О-хва, у которого от чудесной воды раздулся живот, опять расплылся в улыбке, готовый уже уступить, но взгляд упал на нож, что лежал у его ног, и улыбка тут же слетела с лица.
— Глупая старая женщина, ты болтаешь, как безмозглая крапчатая цесарка, а мясо в это время портится. И схватился за нож. Зависть была чувством, стол чуждым его природе, что О-хва чувствовал себя глубоко несчастным. Он не совсем ясно понимал причину этого, но мысль о том, что нож надо будет возвращать девушке, наполняла его такой едкой злостью, какой О-хва не испытывал никогда в жизни. И потому хмурился и ругался, вычищая внутренности оленя и разрезая потроха на тонкие кусочки, белые и тягучие, как резина, и жевал их прямо сырыми.
Была уже середина утра, когда на сухих ветках одного из мертвых деревьев они гирляндами развесили длинные алые ленты из мяса антилопы. Дневной жар поднимался так быстро, что мясо темнело и высыхало почти мгновенно.
Но было слишком жарко, чтобы приступить к трапезе.

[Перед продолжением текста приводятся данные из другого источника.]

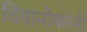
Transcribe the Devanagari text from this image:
विवानौकांनी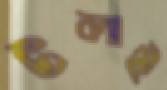
টলাই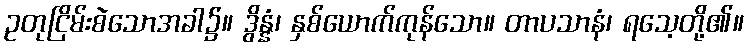
ဥတုငြိမ်းစဲသောအခါ၌။ ဒွိန္နံ၊ နှစ်ယောက်ကုန်သော။ တာပသာနံ၊ ရသေ့တို့၏။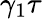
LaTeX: \gamma_{1}\tau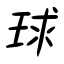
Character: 球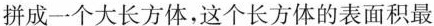
拼成一个大长方体，这个长方体的表面积最

Сантен вместе с Х-ани растянули еще влажную шкуру сернобыка на хрупком сооружении из высохших веток деревьев, приютившись под этим подобием тента в надежде хоть как-нибудь укрыться от пылающего шара.
С заходом солнца О-хва, как обычно, вытащил две сухие щепочки, начав кропотливо трудиться над тем, чтобы высечь искру, но Сантен нетерпеливо выхватила у него из рук травяной шарик для растопки. Вплоть до сегодняшнего дня маленький бушмен странным образом пугал ее, приводя в замешательство, и она постоянно испытывала чувство полной беспомощности и непригодности для проявления любой инициативы. Но переход через дюны и в особенности участие в охоте на антилопу придали Сантен смелости. Разложив сухую топку, она взяла в руки кремень и нож, а О-хва с любопытством наблюдал за ней.

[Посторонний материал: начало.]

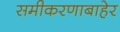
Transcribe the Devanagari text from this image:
समीकरणाबाहेर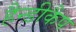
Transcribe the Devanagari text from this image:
हैन्डीकैप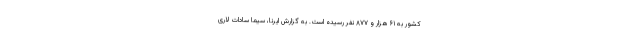
کشور به ۶۱ هزار و ۸۷۷ نفر رسیده است. به گزارش ایرنا، سیما سادات لاری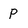
Character: P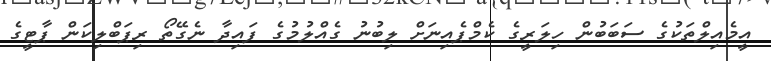
އީމެއިލްތަކުގެ ސަބަބުން ހިލަރީގެ ކެމްޕެއިނަށް ލިބުނު ގެއްލުމުގެ ފައިދާ ނެގޭތޯ ރިޕަބްލިކަން ޕާޓީގެ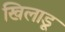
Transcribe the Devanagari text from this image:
खिलाडू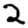
Digit: 2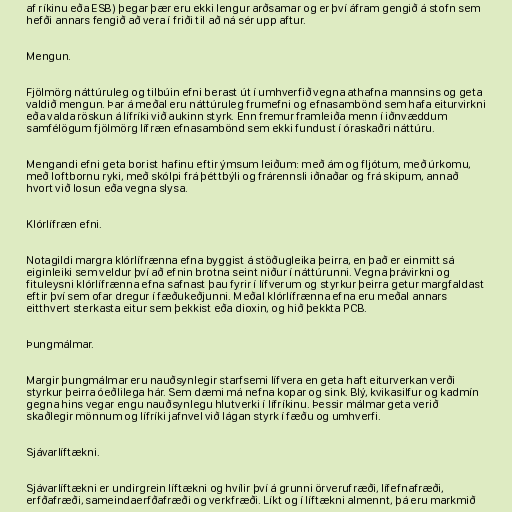
af ríkinu eða ESB) þegar þær eru ekki lengur arðsamar og er því áfram gengið á stofn sem
hefði annars fengið að vera í friði til að ná sér upp aftur.

Mengun.

Fjölmörg náttúruleg og tilbúin efni berast út í umhverfið vegna athafna mannsins og geta
valdið mengun. Þar á meðal eru náttúruleg frumefni og efnasambönd sem hafa eiturvirkni
eða valda röskun á lífríki við aukinn styrk. Enn fremur framleiða menn í iðnvæddum
samfélögum fjölmörg lífræn efnasambönd sem ekki fundust í óraskaðri náttúru.

Mengandi efni geta borist hafinu eftir ýmsum leiðum: með ám og fljótum, með úrkomu,
með loftbornu ryki, með skólpi frá þéttbýli og frárennsli iðnaðar og frá skipum, annað
hvort við losun eða vegna slysa.

Klórlífræn efni.

Notagildi margra klórlífrænna efna byggist á stöðugleika þeirra, en það er einmitt sá
eiginleiki sem veldur því að efnin brotna seint niður í náttúrunni. Vegna þrávirkni og
fituleysni klórlífrænna efna safnast þau fyrir í lífverum og styrkur þeirra getur margfaldast
eftir því sem ofar dregur í fæðukeðjunni. Meðal klórlífrænna efna eru meðal annars
eitthvert sterkasta eitur sem þekkist eða dioxin, og hið þekkta PCB.

Þungmálmar.

Margir þungmálmar eru nauðsynlegir starfsemi lífvera en geta haft eiturverkan verði
styrkur þeirra óeðlilega hár. Sem dæmi má nefna kopar og sink. Blý, kvikasilfur og kadmín
gegna hins vegar engu nauðsynlegu hlutverki í lífríkinu. Þessir málmar geta verið
skaðlegir mönnum og lífríki jafnvel við lágan styrk í fæðu og umhverfi.

Sjávarlíftækni.

Sjávarlíftækni er undirgrein líftækni og hvílir því á grunni örverufræði, lífefnafræði,
erfðafræði, sameindaerfðafræði og verkfræði. Líkt og í líftækni almennt, þá eru markmið

Ударом лезвия ножа о камень она высекла целый сноп искр и тут же наклонилась над травой, чтобы раздуть огонь. Изумленно вскрикнув, Саны в растерянности замерли на месте, а потом оба отступили от костра, объятые суеверным страхом. И только когда ровное пламя уютно осветило все вокруг, Сантен смогла убедить их подползти обратно, и они уже не сводили восторженных взглядов со стального лезвия и кремня. С помощью девушки О-хва очень скоро добился успеха в высечении искр, и его непосредственной детской радости не было конца.